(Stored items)

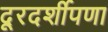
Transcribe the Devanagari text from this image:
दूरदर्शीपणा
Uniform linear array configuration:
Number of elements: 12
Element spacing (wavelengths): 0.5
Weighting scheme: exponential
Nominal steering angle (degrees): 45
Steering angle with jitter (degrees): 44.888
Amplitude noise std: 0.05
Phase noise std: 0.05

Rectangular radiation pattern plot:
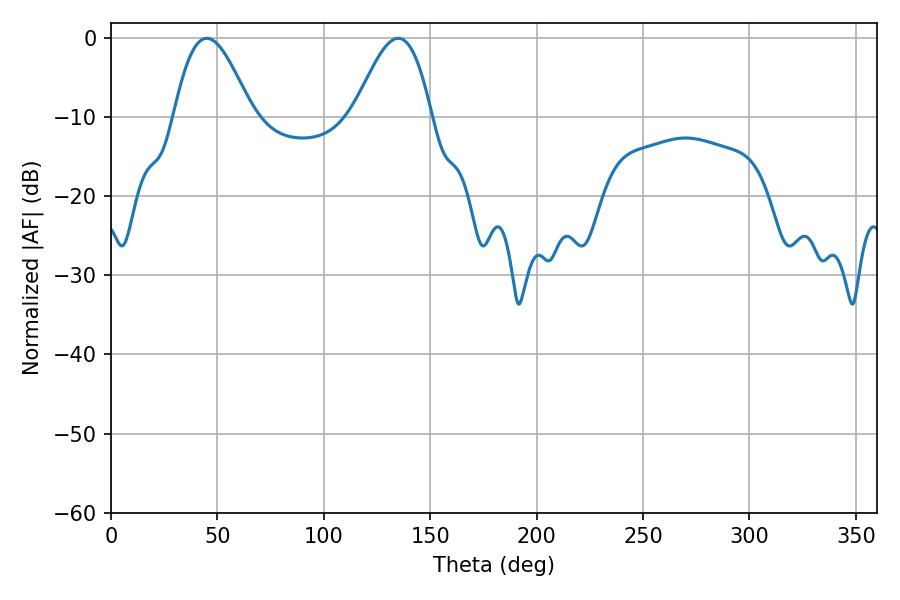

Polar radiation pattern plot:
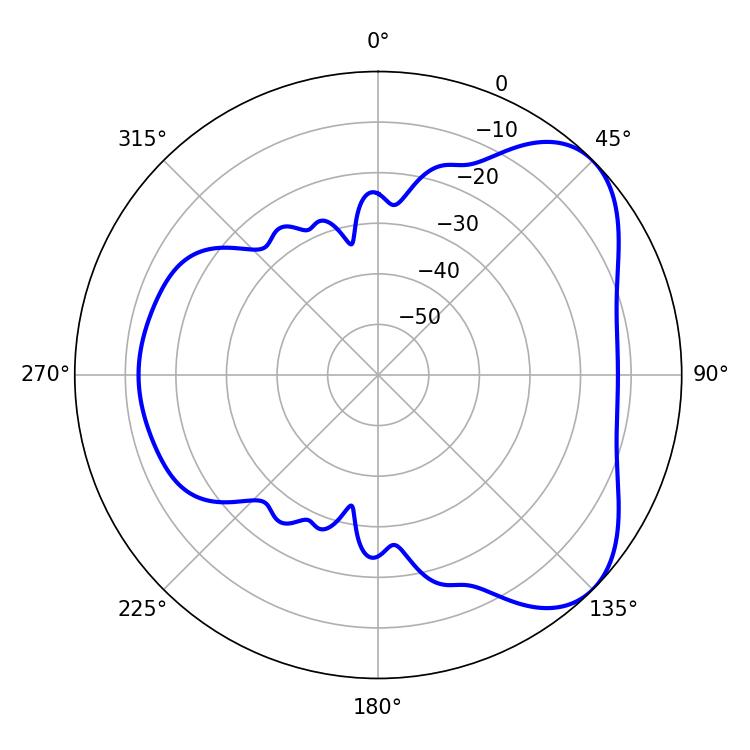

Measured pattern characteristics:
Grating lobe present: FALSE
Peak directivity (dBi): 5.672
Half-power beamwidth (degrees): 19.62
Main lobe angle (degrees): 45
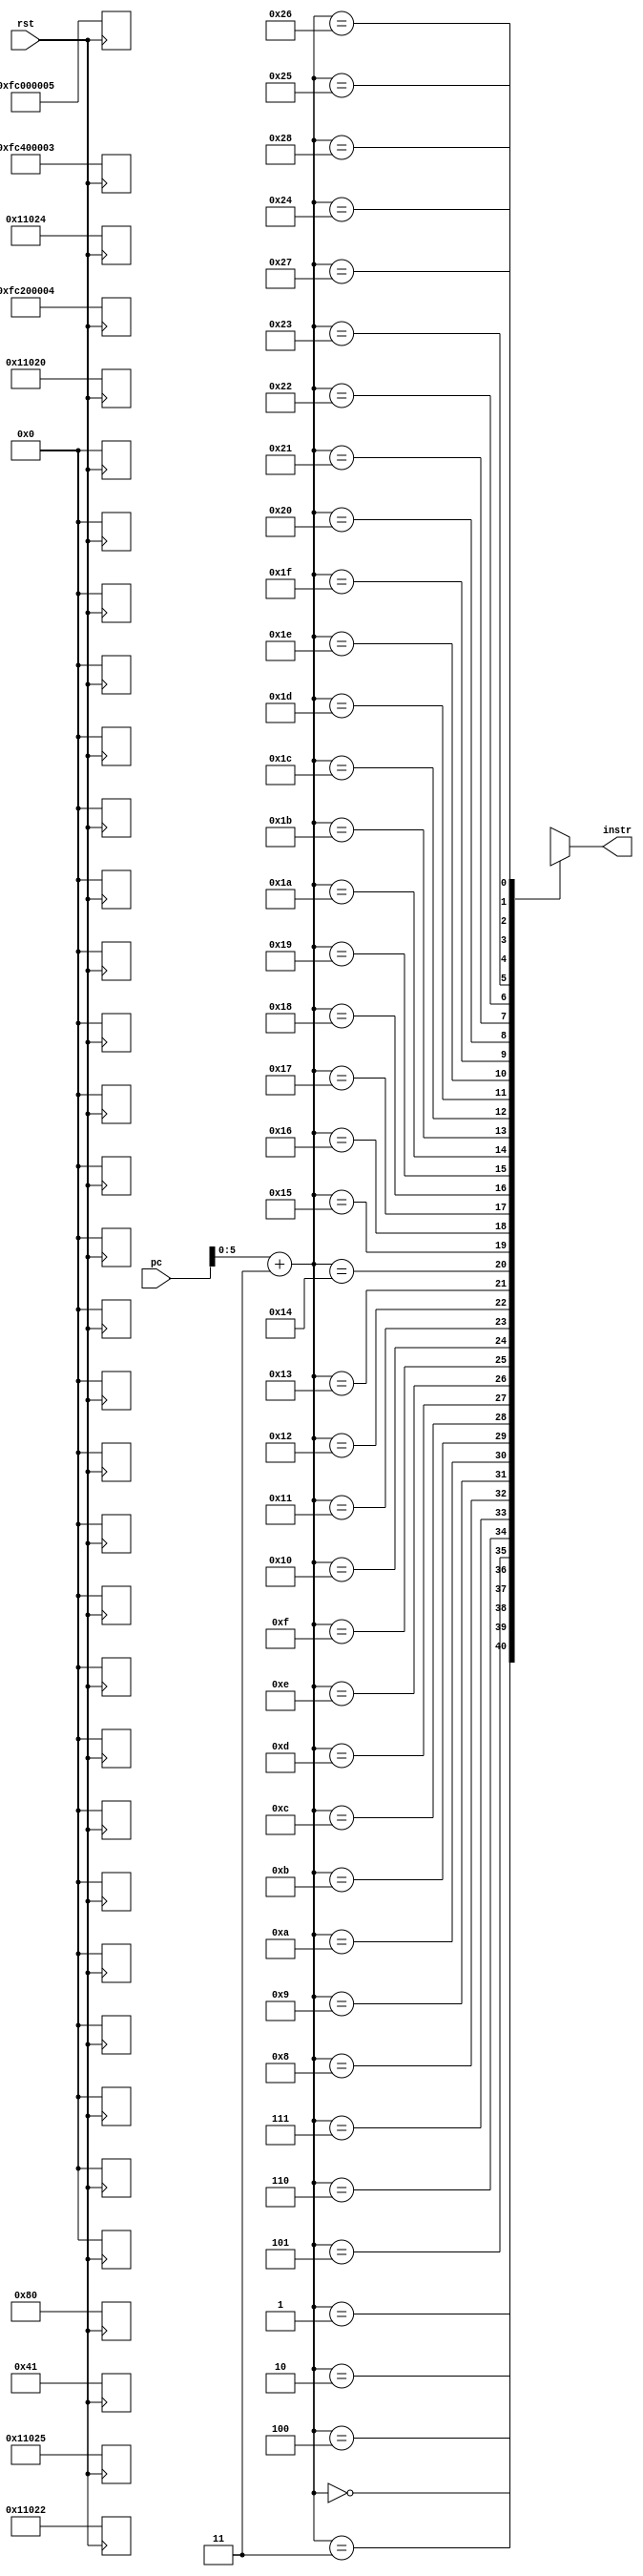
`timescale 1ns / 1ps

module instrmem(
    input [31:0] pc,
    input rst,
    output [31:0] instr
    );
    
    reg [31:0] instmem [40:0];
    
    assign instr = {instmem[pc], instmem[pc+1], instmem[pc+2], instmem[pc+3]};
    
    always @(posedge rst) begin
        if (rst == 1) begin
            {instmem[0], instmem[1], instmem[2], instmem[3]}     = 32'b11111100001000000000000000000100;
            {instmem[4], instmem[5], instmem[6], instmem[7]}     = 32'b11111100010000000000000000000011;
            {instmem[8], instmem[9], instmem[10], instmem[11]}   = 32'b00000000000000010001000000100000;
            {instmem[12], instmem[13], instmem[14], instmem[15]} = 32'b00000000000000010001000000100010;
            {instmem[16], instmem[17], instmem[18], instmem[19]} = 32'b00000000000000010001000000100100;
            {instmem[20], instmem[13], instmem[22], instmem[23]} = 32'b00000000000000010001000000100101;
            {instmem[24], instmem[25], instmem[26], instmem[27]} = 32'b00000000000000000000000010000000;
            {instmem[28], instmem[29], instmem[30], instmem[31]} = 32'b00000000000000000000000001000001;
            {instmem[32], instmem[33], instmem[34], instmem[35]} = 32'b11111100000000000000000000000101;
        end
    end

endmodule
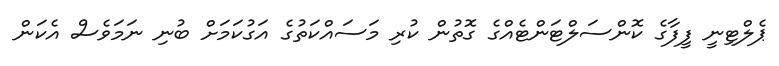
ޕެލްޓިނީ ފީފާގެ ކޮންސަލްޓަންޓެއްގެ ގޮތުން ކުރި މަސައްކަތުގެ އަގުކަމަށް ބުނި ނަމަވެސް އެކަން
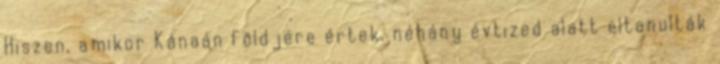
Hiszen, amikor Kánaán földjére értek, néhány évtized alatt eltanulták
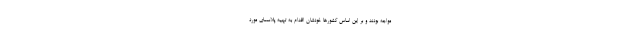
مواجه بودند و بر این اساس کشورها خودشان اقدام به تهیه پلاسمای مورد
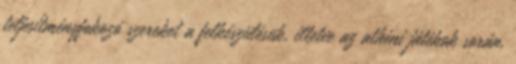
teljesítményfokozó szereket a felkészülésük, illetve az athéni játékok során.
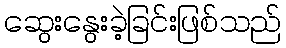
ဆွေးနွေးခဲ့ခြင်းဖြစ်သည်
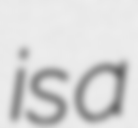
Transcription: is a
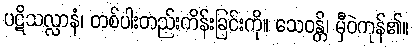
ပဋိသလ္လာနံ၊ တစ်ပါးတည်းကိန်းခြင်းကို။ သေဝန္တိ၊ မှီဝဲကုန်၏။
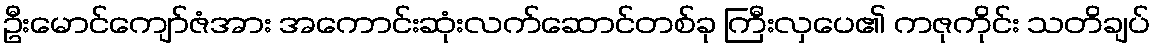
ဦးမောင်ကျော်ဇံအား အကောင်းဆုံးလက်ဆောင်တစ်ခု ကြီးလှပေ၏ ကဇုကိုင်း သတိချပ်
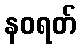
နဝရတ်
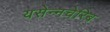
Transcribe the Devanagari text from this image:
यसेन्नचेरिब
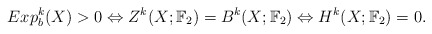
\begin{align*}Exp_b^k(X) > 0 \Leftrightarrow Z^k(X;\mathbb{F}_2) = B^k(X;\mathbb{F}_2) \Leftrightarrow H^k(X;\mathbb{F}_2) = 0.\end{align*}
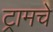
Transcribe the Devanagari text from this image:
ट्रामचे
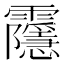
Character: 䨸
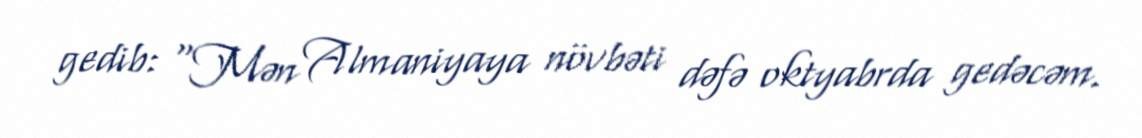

* **TO DO**
Take every line above that includes the string "noise" and return it.

* **ANSWER TO THIS EXERCISE**
Amplitude noise std: 0.05
Phase noise std: 0.05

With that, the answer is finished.